Please reproduce all the records exactly while leaving out their pictures.

Recorded information START

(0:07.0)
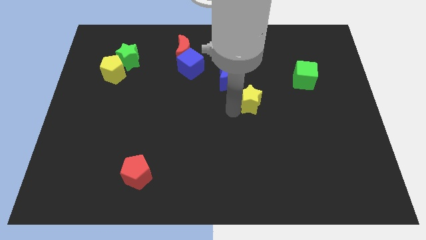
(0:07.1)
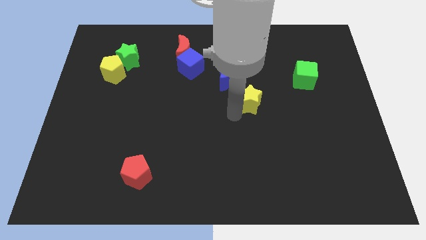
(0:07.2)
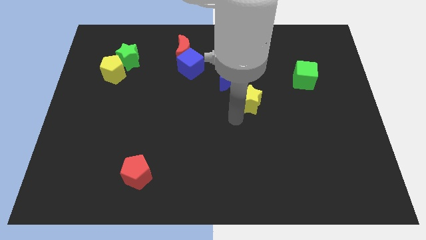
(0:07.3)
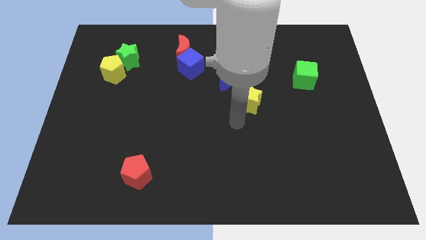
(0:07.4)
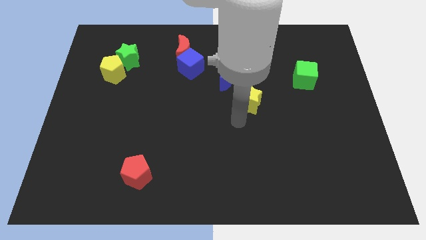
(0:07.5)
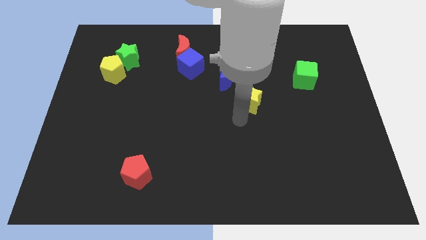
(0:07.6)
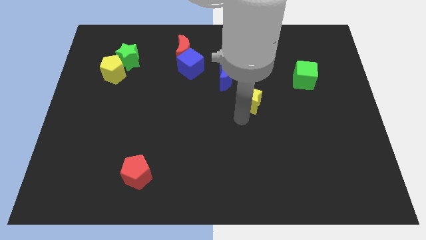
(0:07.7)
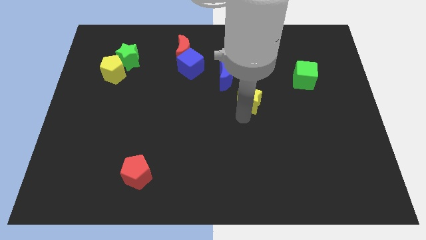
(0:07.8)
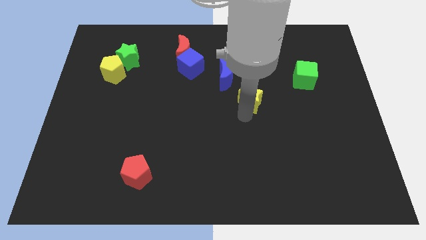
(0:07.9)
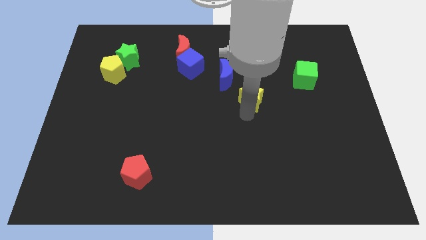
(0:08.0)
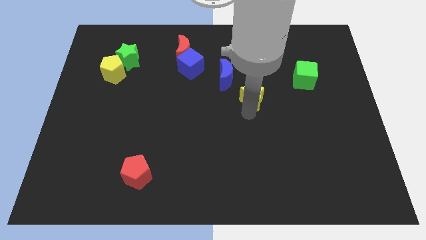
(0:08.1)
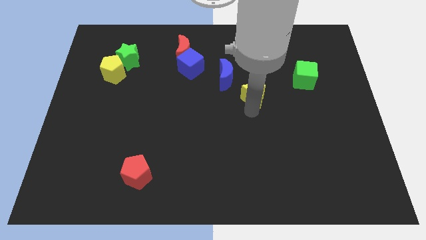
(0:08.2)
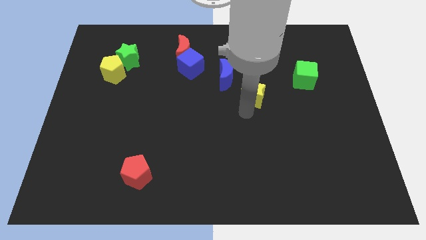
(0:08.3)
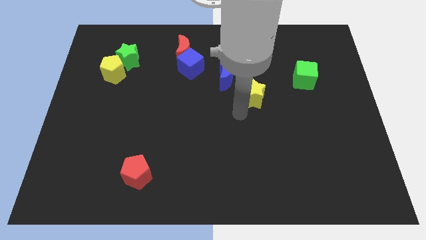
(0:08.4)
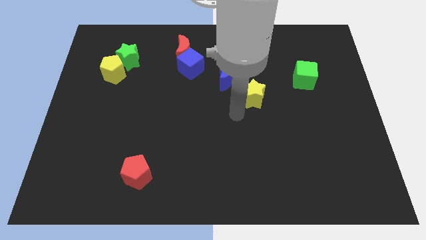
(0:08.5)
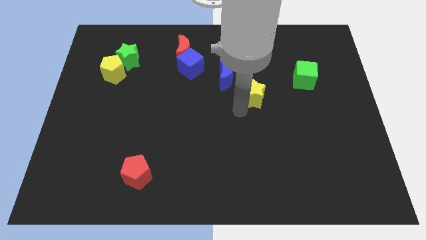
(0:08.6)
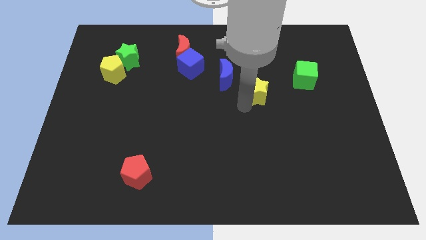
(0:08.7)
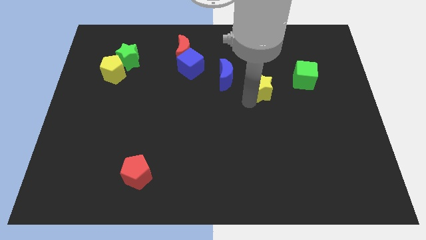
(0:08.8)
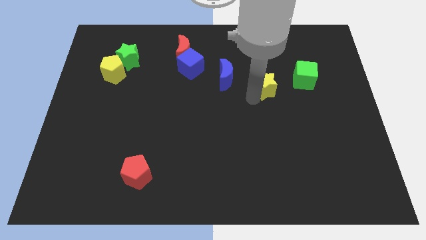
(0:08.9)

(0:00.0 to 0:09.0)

Recorded information END

→ The completed task
(0:07.0)
(0:07.1)
(0:07.2)
(0:07.3)
(0:07.4)
(0:07.5)
(0:07.6)
(0:07.7)
(0:07.8)
(0:07.9)
(0:08.0)
(0:08.1)
(0:08.2)
(0:08.3)
(0:08.4)
(0:08.5)
(0:08.6)
(0:08.7)
(0:08.8)
(0:08.9)

(0:00.0 to 0:09.0)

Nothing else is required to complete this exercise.